Apa Saja Komponen Biaya yang Harus Dikeluarkan di Marketplace?
Pertama, kita bahas skenario di marketplace dulu. Omzet Rp 50 juta terdengar bagus di atas kertas. Tapi, sebelum uang itu sampai ke rekening Anda, ada banyak "gunung" yang harus dipotong. Biaya paling jelas tentu saja biaya layanan platform. Rata-rata, potongan ini berkisar antara 4% hingga 6% tergantung kategori produk dan level toko Anda. Untuk skenario ini, kita ambil angka rata-rata aman 5%. Itu berarti Rp 2.500.000 langsung hilang dari omzet Anda.
Belum selesai sampai di situ. Ada juga biaya transaksi dari payment gateway atau bank yang biasanya sekitar 2%. Itu menambah potongan Rp 1.000.000 lagi. Lalu, ada biaya ikut program promosi. Marketplace sekarang sangat mendorong seller ikut flash sale atau cashback. Kalau Anda ikut program cashback, biasanya ada potongan tambahan sekitar 1% hingga 3%. Asumsikan Anda ikut program standar dengan potongan 2%, itu artinya Rp 1.000.000 lagi lenyap. Jadi, total potongan dasar sudah mencapai Rp 4.500.000.
Itu baru biaya transaksi dan promosi dasar. Bagaimana dengan biaya iklan? Di marketplace, persaingan sangat ketat. Tanpa iklan, produk Anda bisa tenggelam di halaman ke-50. Rata-rata seller menganggarkan sekitar 10% omzet untuk iklan agar visibilitas tetap terjaga. Dari omzet Rp 50 juta, berarti Rp 5.000.000 habis untuk biaya iklan. Kalau kita total semua, jualan marketplace vs toko online sendiri dalam konteks biaya ini sudah menunjukkan angka yang cukup besar di sisi marketplace. Total biaya yang sudah kita hitung sementara adalah Rp 9.500.000.
Bagaimana Kalkulasi Profit Bersih di Marketplace?
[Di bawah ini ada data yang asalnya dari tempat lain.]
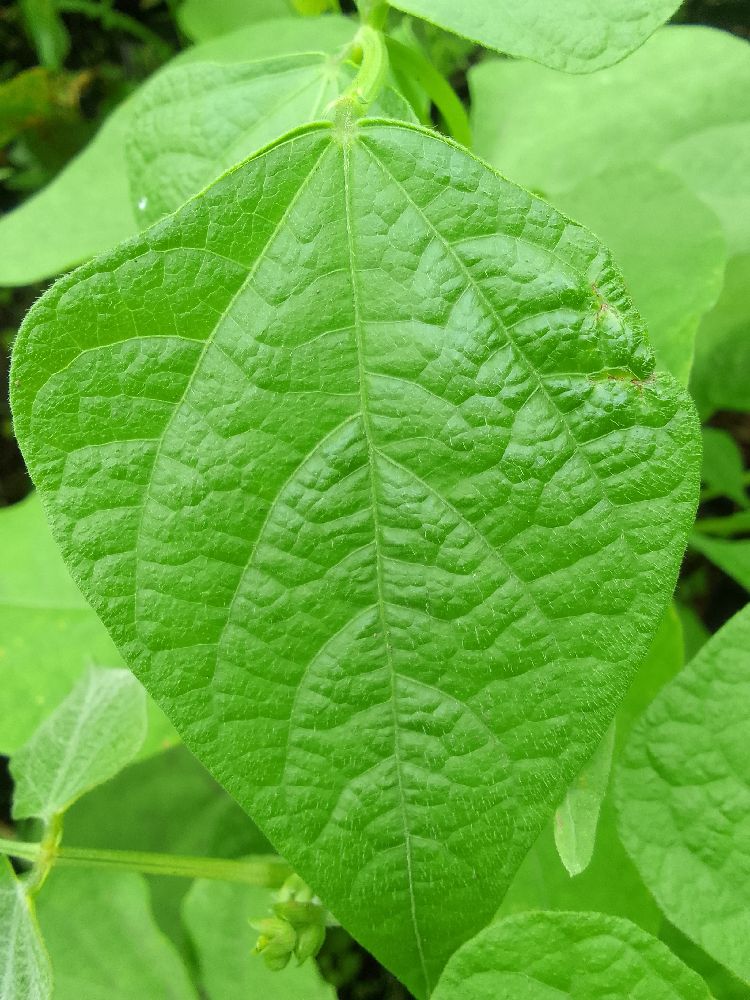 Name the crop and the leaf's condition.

common bean, healthy
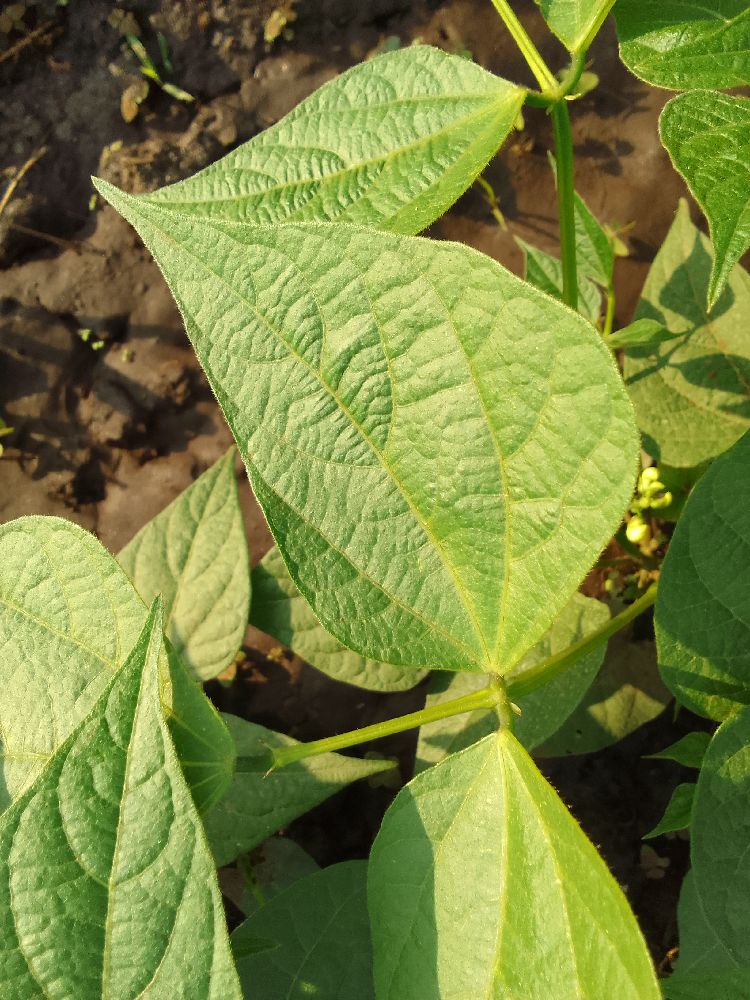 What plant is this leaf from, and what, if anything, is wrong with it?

common bean, healthy
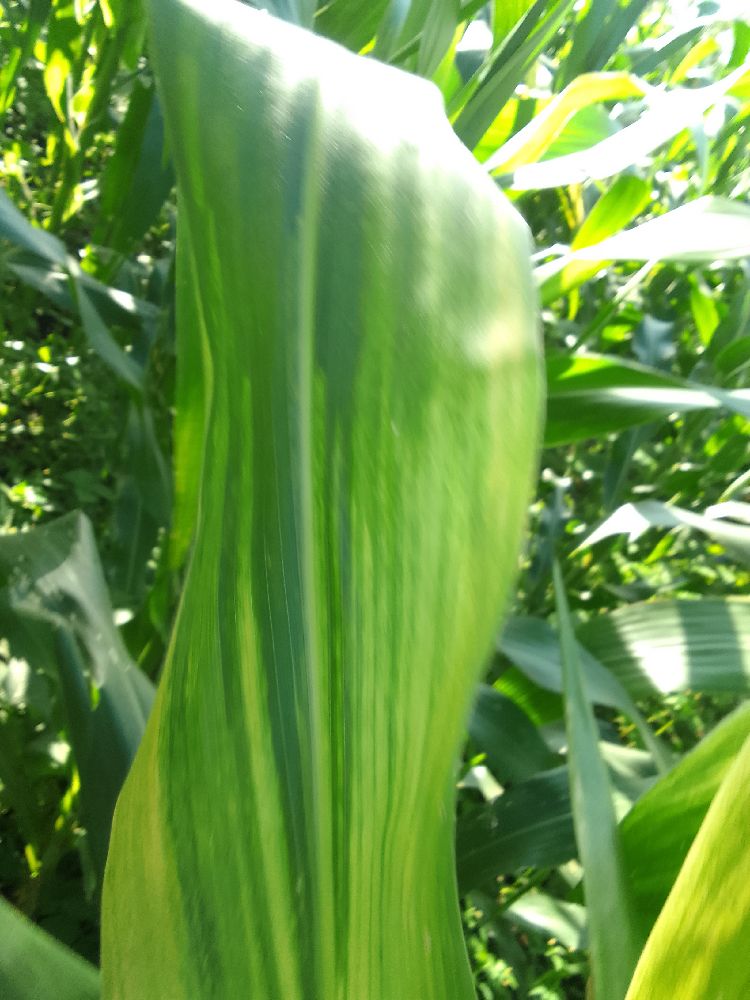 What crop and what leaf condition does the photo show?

maize, maize lethal necrosis
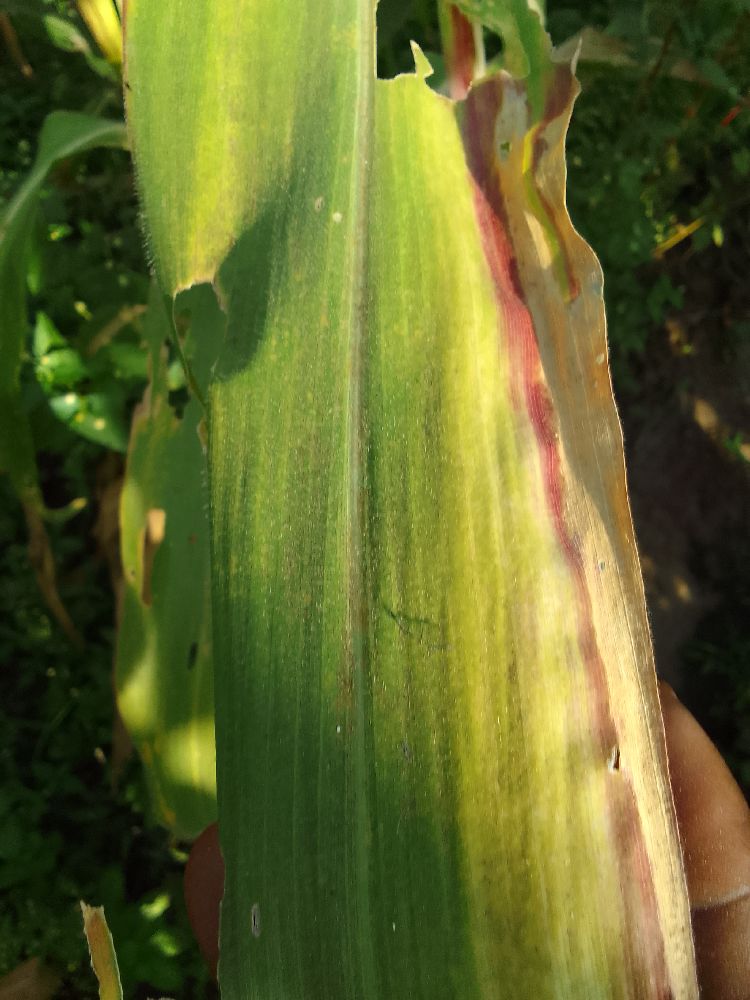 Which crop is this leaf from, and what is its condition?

maize, maize lethal necrosis
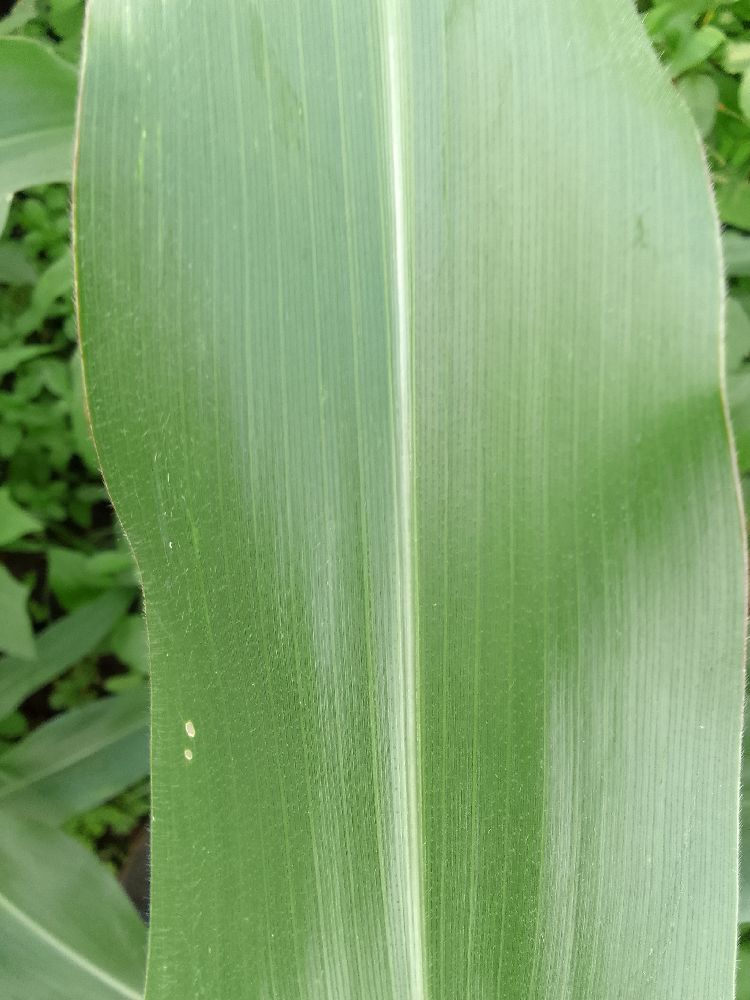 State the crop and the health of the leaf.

maize, healthy
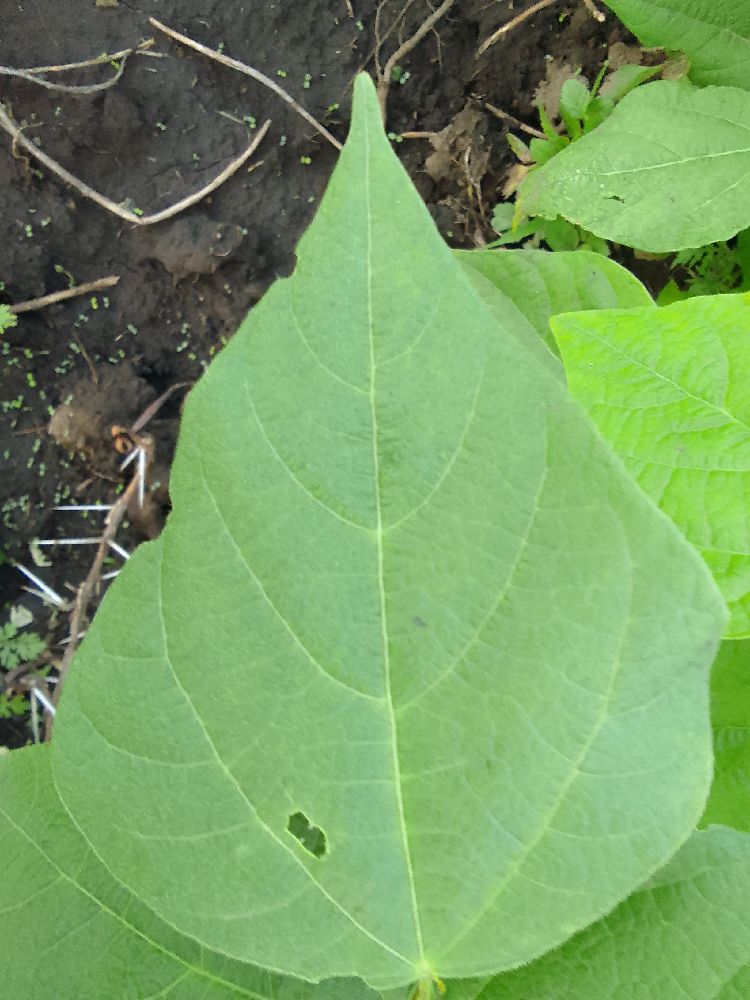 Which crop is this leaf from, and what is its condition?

common bean, healthy
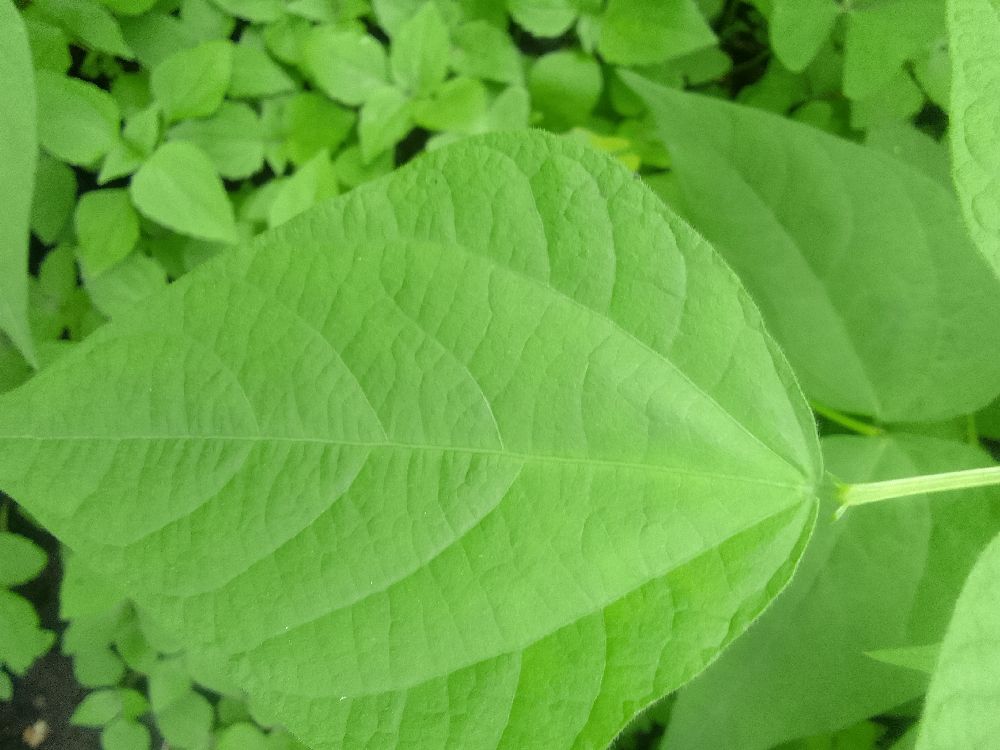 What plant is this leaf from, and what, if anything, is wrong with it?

common bean, healthy
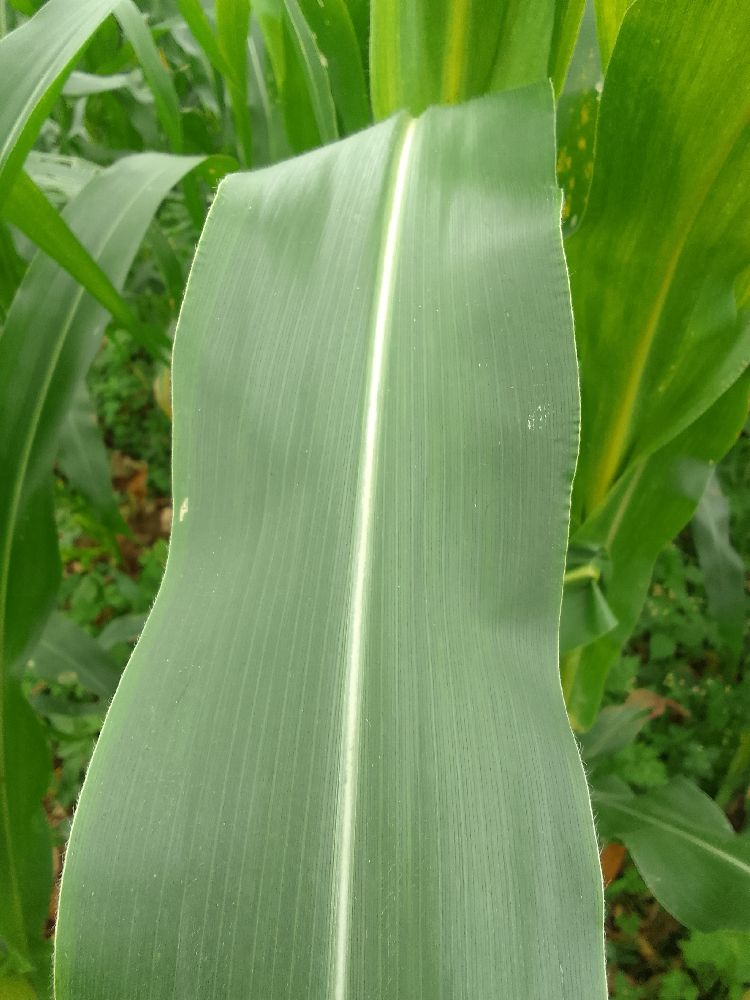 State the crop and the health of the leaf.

maize, healthy
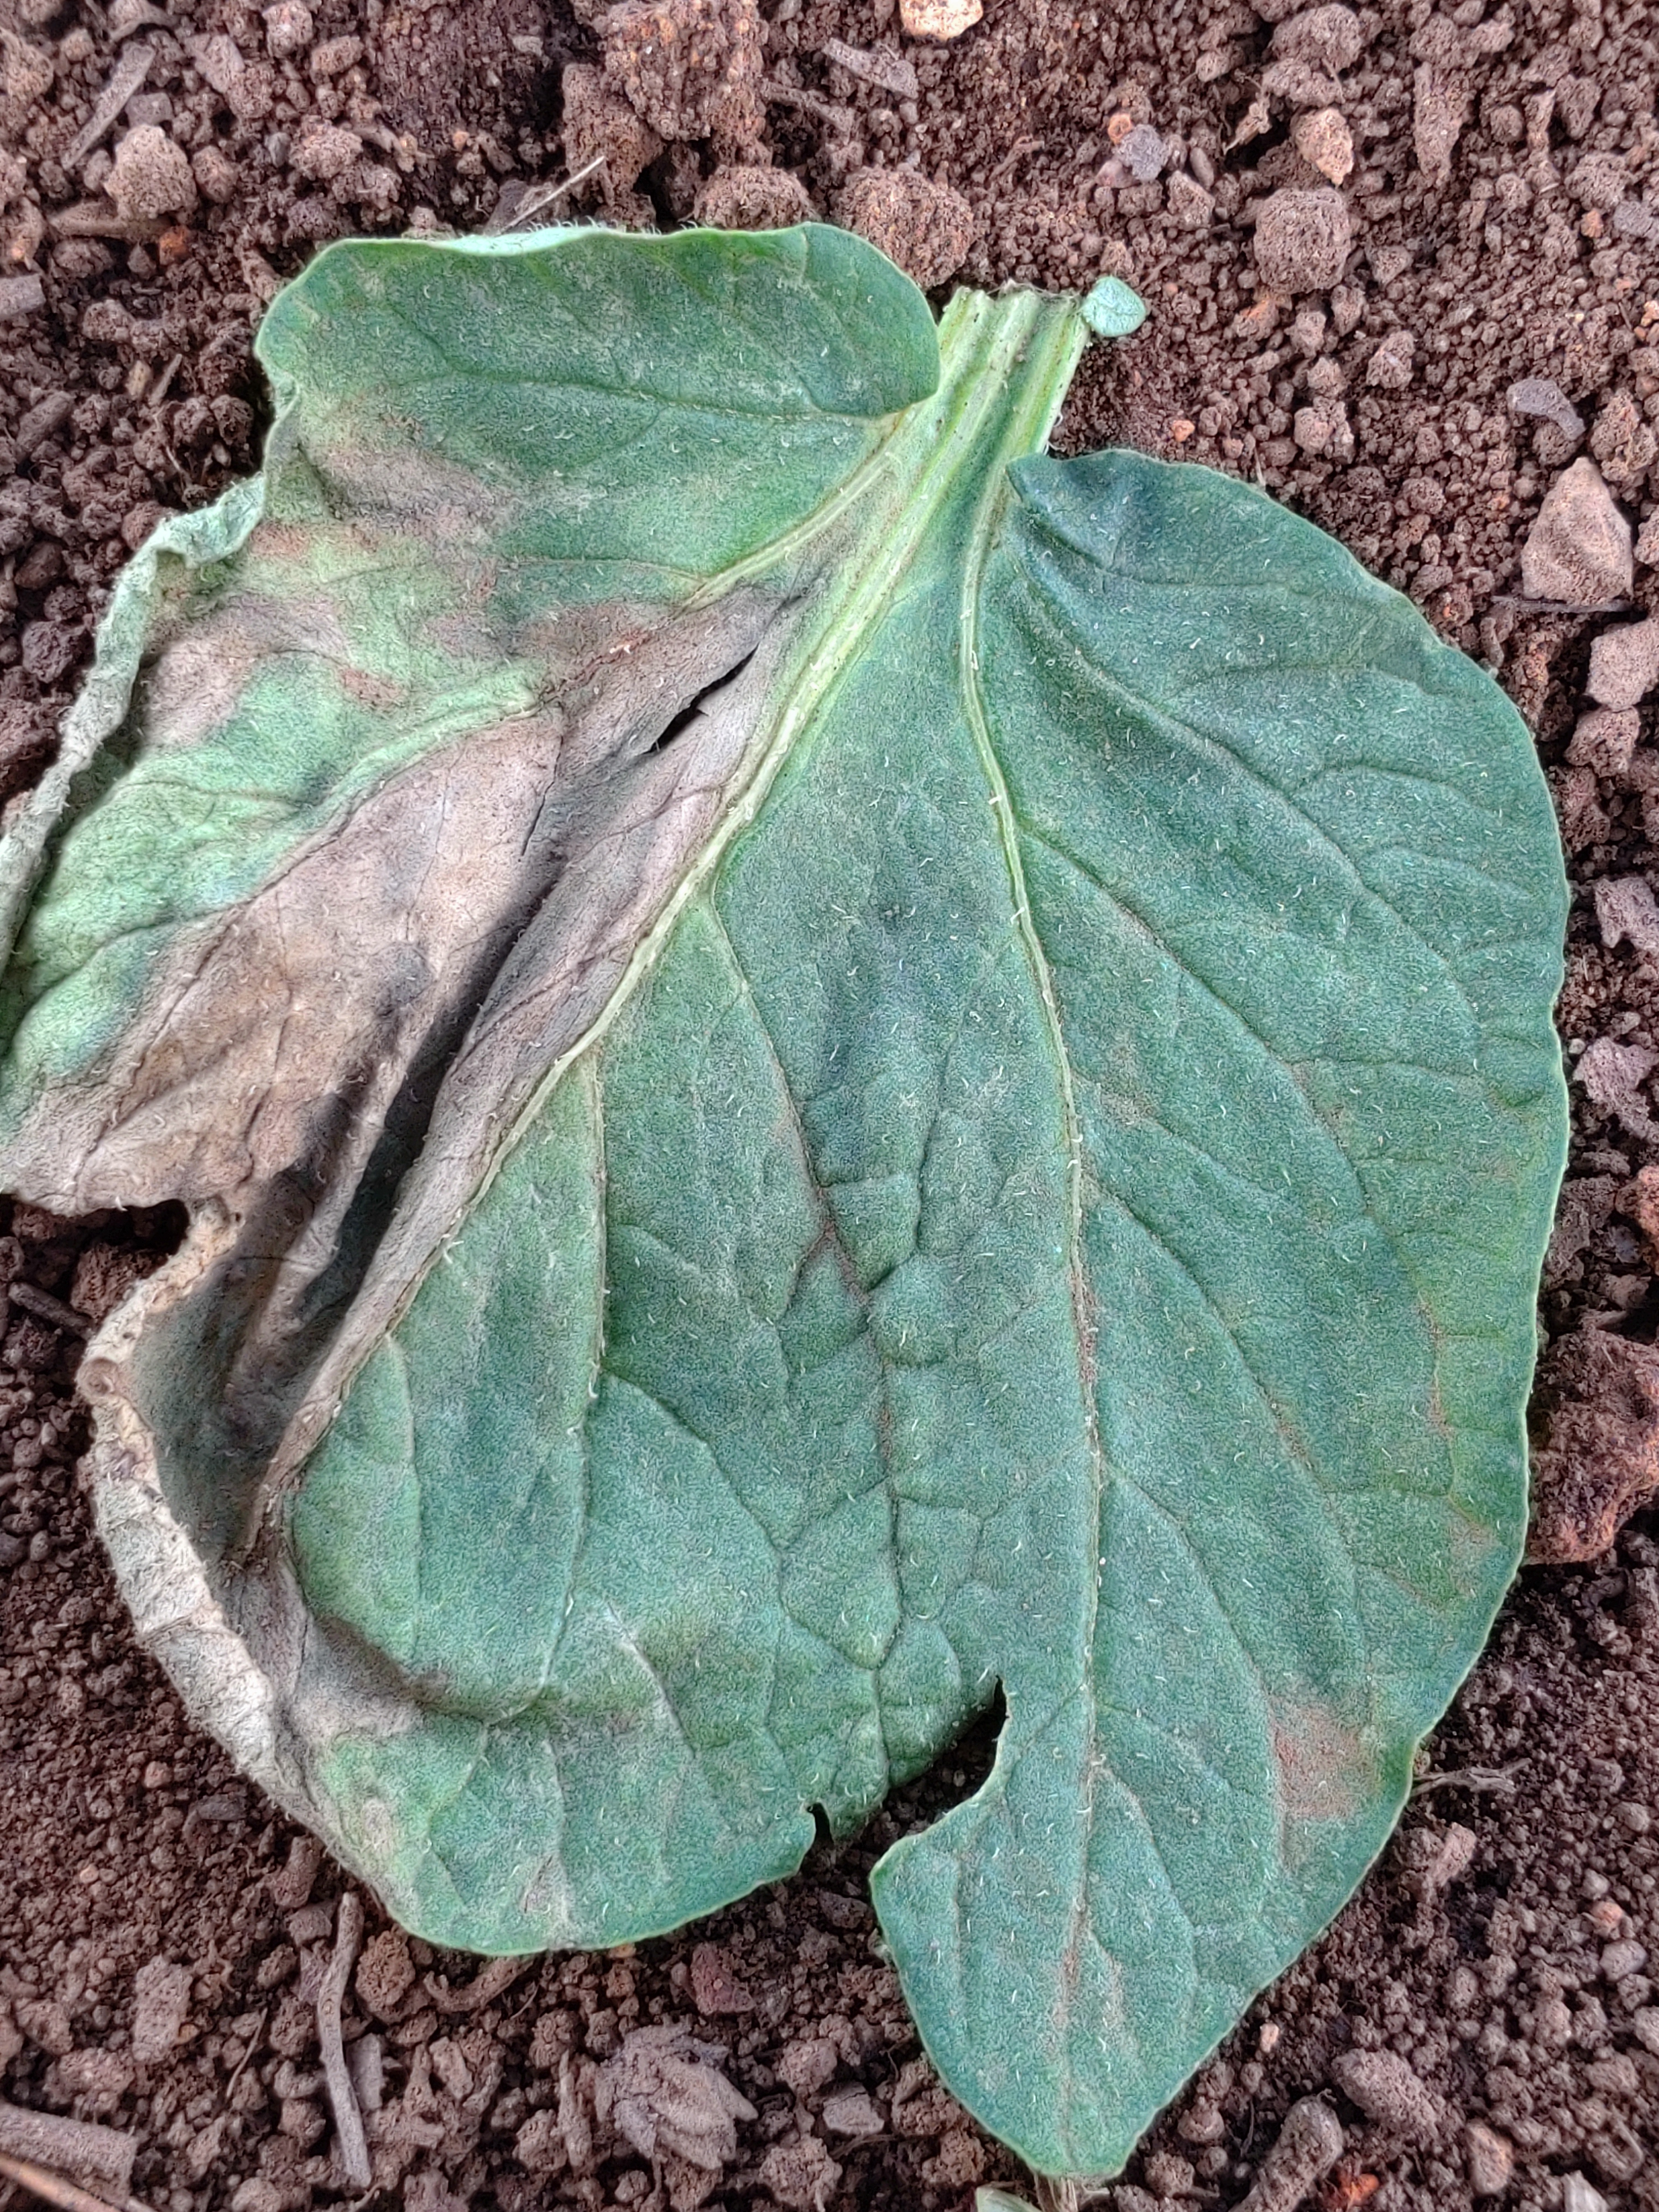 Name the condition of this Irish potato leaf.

Sekarang mari kita lihat sisi lain dari kalkulasi ini. Anda harus menghitung HPP (Harga Pokok Penjualan) atau modal produk. Asumsikan margin kotor produk Anda adalah 30% sebelum dipotong biaya operasional. Dari omzet Rp 50.000.000, modal barang Anda sekitar Rp 35.000.000. Tersisa Rp 15.000.000 untuk menutupi biaya-biaya tadi. Nah, dari sisa Rp 15.000.000 ini, kita potong lagi biaya operasional marketplace yang sudah kita hitung di atas sebesar Rp 9.500.000.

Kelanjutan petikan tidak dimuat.